I had a customer come in with a late 90s or 2000 3500 hd box truck with no fuel guage. This truck had the pump that pumped fuel from the rear tank to the front. Theres a module that controls everything behind the cab ner the lh rail. Its a small plastic box. Replaced it and everything worked.


----------



## RichG53 (Sep 16, 2008)

MickiRig1;1245255 said:


> The other end of the ground is under the hood. Might clean and protect with dielectric grease every black wire connected to the body, engine or frame. This can correct or prevent many problems.


Under the hood where ????


----------



## JTVLandscaping (Jan 1, 2010)

My '99 with a single tank had a problem with the guage. The gauge stopped working, I always assumed it was the sending unit. Then the fuel pump went and I replaced the whole unit and that corrected the problem. I never worried much about the gauge since I just always made sure the tank was full. All I know about it is the problem was in the tank.


----------



## MickiRig1 (Dec 5, 2003)

The wire harness runs down the left side of the truck. Under the hood the ground will be bolted or screwed on that side under the hood. Black wires attached to the engine or fender is what you clean up and dielectric grease. Even if it's not the problem at-least you know that part is good. You should check and protect all the ground wires every season. It prevents many problems.


----------



## RichG53 (Sep 16, 2008)

MickRig 1;1260067 said:


> The wire harness runs down the left side of the truck. Under the hood the ground will be bolted or screwed on that side under the hood. Black wires attached to the engine or fender is what you clean up and dielectric grease. Even if it's not the problem at-least you know that part is good. You should check and protect all the ground wires every season. It prevents many problems.

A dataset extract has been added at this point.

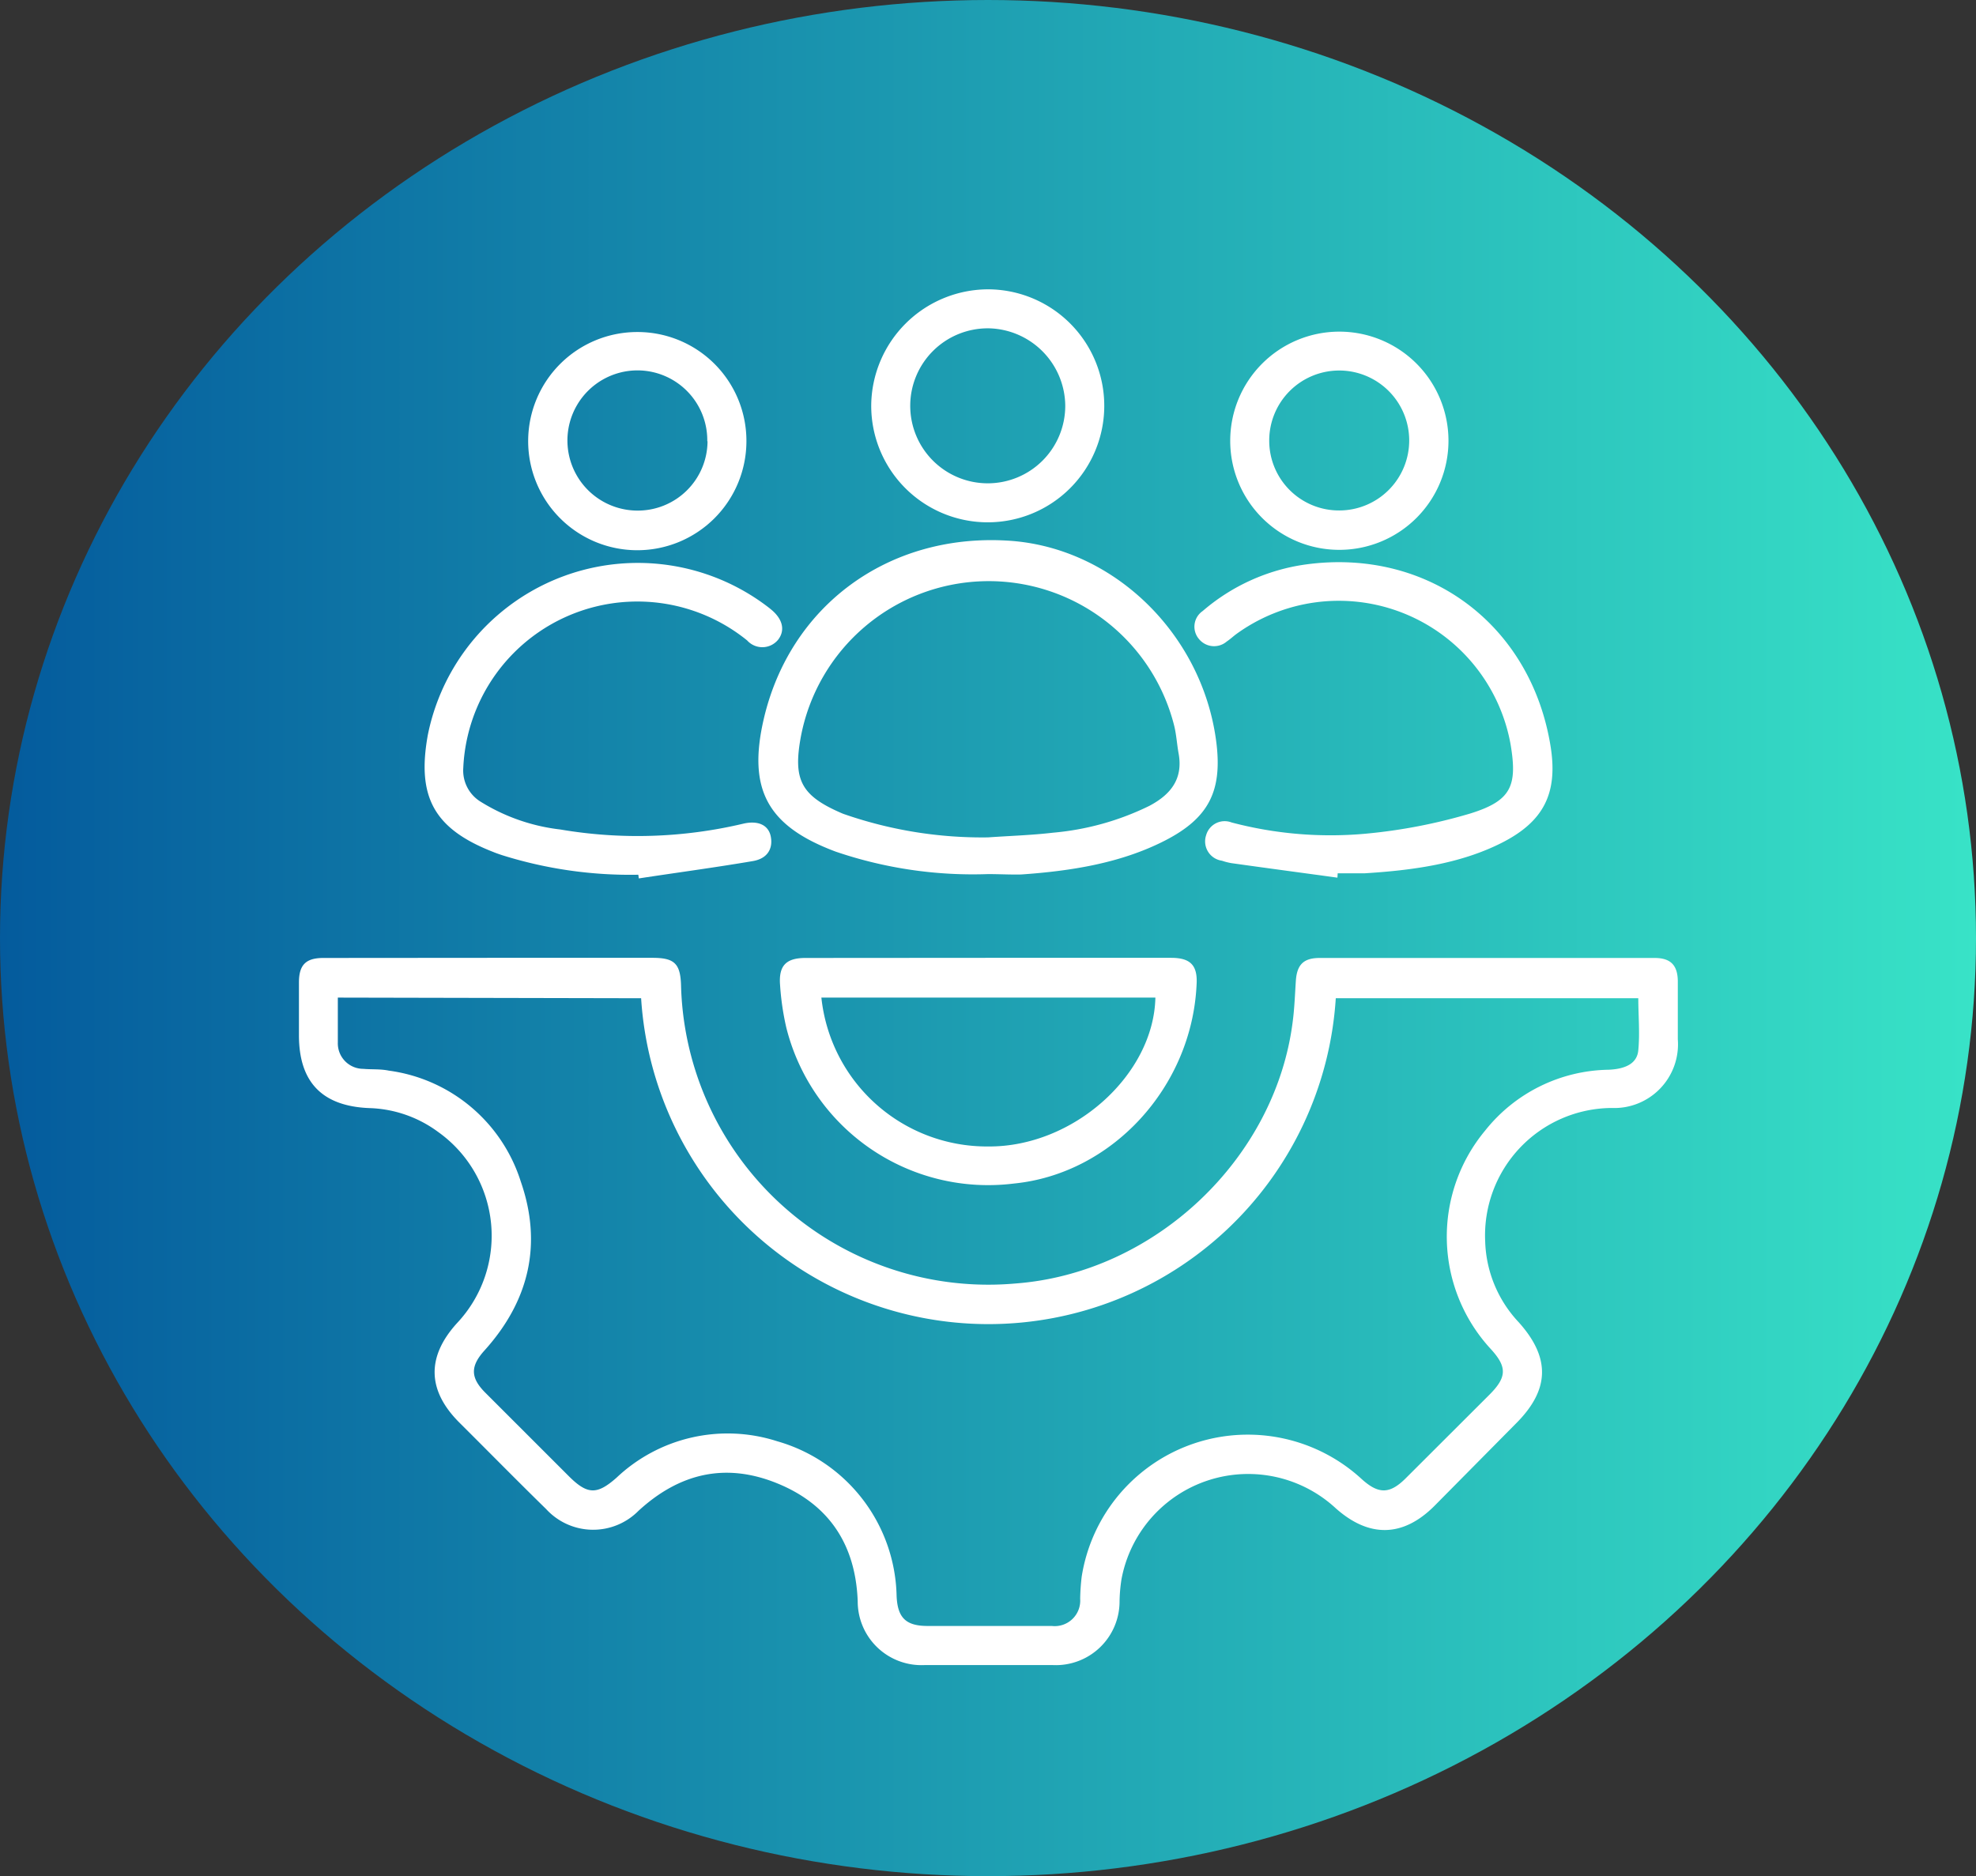 <svg id="Capa_1" data-name="Capa 1" xmlns="http://www.w3.org/2000/svg" xmlns:xlink="http://www.w3.org/1999/xlink" viewBox="0 0 155 147.2"><rect x="0" y="0" width="155" height="147.2" fill="#333333" stroke="none"/><defs><style>.cls-1{fill:url(#Degradado_sin_nombre_6);}.cls-2{fill:#fff;}</style><linearGradient id="Degradado_sin_nombre_6" y1="73.6" x2="155" y2="73.6" gradientUnits="userSpaceOnUse"><stop offset="0" stop-color="#045b9d"/><stop offset="1" stop-color="#38e3c7"/></linearGradient></defs><ellipse class="cls-1" cx="77.5" cy="73.6" rx="77.5" ry="73.6"/><path class="cls-2" d="M40.9,81.45H53.7c1.69,0,2.16.45,2.22,2.1A24.11,24.11,0,0,0,82.16,107c10.93-.82,20.42-9.8,21.75-20.61.13-1,.17-2.1.24-3.16.09-1.25.61-1.77,1.87-1.77h26.27c1.25,0,1.8.56,1.82,1.8,0,1.53,0,3.06,0,4.59a5,5,0,0,1-5.2,5.38A10,10,0,0,0,119,103.71a9.66,9.66,0,0,0,2.62,6.32c2.53,2.81,2.45,5.33-.25,8L115,124.47c-2.46,2.45-5.12,2.49-7.73.16a10.11,10.11,0,0,0-16.8,5.58,12.36,12.36,0,0,0-.15,1.73,5,5,0,0,1-5.22,5H75a5,5,0,0,1-5.22-5c-.16-4.41-2.21-7.58-6.29-9.25s-7.7-.8-10.91,2.15a5,5,0,0,1-7.24-.14c-2.29-2.24-4.54-4.53-6.81-6.79-2.52-2.52-2.58-5.15-.19-7.79a10,10,0,0,0-1.46-15,9.53,9.53,0,0,0-5.39-1.88c-3.68-.14-5.54-2-5.54-5.71,0-1.38,0-2.77,0-4.15s.54-1.92,1.92-1.92ZM29,84.57c0,1.22,0,2.37,0,3.53a2,2,0,0,0,2,2.06c.65.06,1.32,0,2,.14A12.61,12.61,0,0,1,43.35,99c1.71,4.93.65,9.38-2.85,13.26-1.11,1.23-1.11,2.13.07,3.31l6.57,6.57c1.45,1.44,2.2,1.44,3.72.1a12.68,12.68,0,0,1,12.61-2.86,12.9,12.9,0,0,1,9.36,12.12c.07,1.72.72,2.37,2.43,2.37H85a2,2,0,0,0,2.23-2.13,16.76,16.76,0,0,1,.12-1.74,13.19,13.19,0,0,1,22-7.62c1.29,1.15,2.16,1.15,3.4-.08l6.58-6.57c1.39-1.39,1.4-2.19.08-3.62A13,13,0,0,1,119,95a12.61,12.61,0,0,1,9.68-4.77c1.38-.06,2.24-.52,2.33-1.53.13-1.35,0-2.73,0-4.08H107.28a27.3,27.3,0,0,1-54.49,0Z" transform="translate(-2.5 -6.3)"/><path class="cls-2" d="M80,74.88a33.35,33.35,0,0,1-11.94-1.76c-5.36-2-6.93-4.88-5.65-10.41,2.06-8.86,9.71-14.51,19-14,8.26.41,15.37,7.2,16.49,15.75.5,3.85-.54,6-4,7.78s-7.39,2.4-11.3,2.67C81.78,74.93,80.9,74.88,80,74.88ZM80,72c1.7-.12,3.42-.17,5.12-.37a21.33,21.33,0,0,0,7.53-2.1c1.67-.88,2.67-2.11,2.3-4.12-.13-.72-.17-1.45-.34-2.15a15,15,0,0,0-29.29.84c-.62,3.37,0,4.62,3.2,6,.13.06.27.1.41.15A33,33,0,0,0,80,72Z" transform="translate(-2.5 -6.3)"/><path class="cls-2" d="M80,81.45H94.36c1.54,0,2.1.6,2,2.13-.38,8-6.61,14.82-14.34,15.58A16.32,16.32,0,0,1,64.18,86.93a20.85,20.85,0,0,1-.49-3.34c-.12-1.53.47-2.13,2-2.13Zm13.1,3.12H66.93A13.06,13.06,0,0,0,80,96.25C86.69,96.31,93,90.64,93.13,84.57Z" transform="translate(-2.5 -6.3)"/><path class="cls-2" d="M107.41,75.16c-2.77-.38-5.55-.75-8.32-1.14a4.73,4.73,0,0,1-.74-.19,1.53,1.53,0,0,1-1.24-2,1.51,1.51,0,0,1,2-1,30.41,30.41,0,0,0,10.52.88,42.36,42.36,0,0,0,8.22-1.59c3.2-1,3.69-2.16,3.14-5.43a13.69,13.69,0,0,0-21.57-8.6c-.23.18-.45.38-.69.54a1.53,1.53,0,0,1-2.17-.18,1.49,1.49,0,0,1,.28-2.21,15.65,15.65,0,0,1,8.06-3.65c9.63-1.33,17.73,4.73,19.24,14.33.56,3.61-.54,5.83-3.83,7.5s-7.07,2.17-10.8,2.4c-.69,0-1.39,0-2.08,0Z" transform="translate(-2.5 -6.3)"/><path class="cls-2" d="M52.57,74.93A33.53,33.53,0,0,1,41.9,73.4c-.24-.08-.48-.16-.72-.26-4.64-1.81-6-4.32-5.12-9.18A16.8,16.8,0,0,1,62.84,54l.17.14c.9.75,1.09,1.63.52,2.36a1.6,1.6,0,0,1-2.42.05,13.67,13.67,0,0,0-22.27,10A2.87,2.87,0,0,0,40.2,69.2a15.08,15.08,0,0,0,6.25,2.18,36,36,0,0,0,14.33-.45c1.17-.28,2,.09,2.18,1s-.22,1.73-1.41,1.93c-3,.51-6,.91-8.94,1.36Z" transform="translate(-2.5 -6.3)"/><path class="cls-2" d="M80,29a9.14,9.14,0,1,1-9.16,9.08A9.19,9.19,0,0,1,80,29Zm0,3.06a6.08,6.08,0,1,0,6.06,6.06A6.13,6.13,0,0,0,80.07,32.06Z" transform="translate(-2.5 -6.3)"/><path class="cls-2" d="M99,40.9a8.56,8.56,0,1,1,8.54,8.54A8.55,8.55,0,0,1,99,40.9Zm3.06,0a5.47,5.47,0,0,0,5.5,5.45,5.49,5.49,0,1,0-5.5-5.45Z" transform="translate(-2.5 -6.3)"/><path class="cls-2" d="M61.05,40.9a8.56,8.56,0,1,1-8.54-8.55A8.54,8.54,0,0,1,61.05,40.9Zm-3.07,0a5.48,5.48,0,0,0-5.43-5.54,5.49,5.49,0,1,0-.08,11A5.47,5.47,0,0,0,58,40.94Z" transform="translate(-2.5 -6.3)"/></svg>

Do you maybe mean Frame instead of fender ???

I would still like a better description of what wires to look for at the tank (ground)..
There are several there and rather tight..

Mine works just not right after a fill up or sporadically ( driving full tank ) some times goes to empty then bounces back to where it was but does not always do that..
Also if tank is full when first starting it will read empty until restart or shack trk a little..
It seems that after some gas is used it does not react that way..

So I am a puzzled..


----------



## MickiRig1 (Dec 5, 2003)

The grounds are attached to fenders,engine and the big one off the battery. They supply the ground leads under the hood because they don't get dirty as fast. It's just good maintenance to make sure they are clean and protected. You may have a bad sensor plate in the tank. They put a capacitor in the circuit to feed voltage so the gage does not swing. So this kinda tells me the plate is bad. But I always start checking the wires.If it's a duel tank system the switcher may be bad. They sell the pig tail to the tank for a reason. They go bad, the plug get's crud in it and connection is lost.


----------



## bsmitty (Jun 27, 2010)

I kind of have the same problem with my 2000 GMC 3500HD dump. My fuel gauge has been working on and off for the last 4 months and a few weeks ago it stopped working all together. The other day I went to put gas in and my front tank took fuel, but my rear tank would not. It stopped like it was full. So my question is why is my rear tank not sending fuel to the front and why is my fuel gauge not working at all? I believe it is the sending unit in the rear tank but I don't know how to rule out the transfer pump on the frame rail. With the gas gauge not working it tells me it is the sending unit, but I don't know if that doesn't work will it not allow the transfer of fuel. Please halp if possible.

Thanks

Brian


----------



## MickiRig1 (Dec 5, 2003)

Most of the early fuel injected systems have a return line to the tank it took fuel out of. So if the tank switcher has a problem it will return fuel to the wrong tank. The switcher also changes the gage to the tank being used. So check the wires and lines on it. Look in the repair manual and see if it tells you how it switches tanks. I would bet the switcher has a problem.


----------



## truckboy (Jul 8, 2010)

I think this problem is because of defective Dash Voltage Regulator, if it is bad then replace the same or else check the voltage limiter.


----------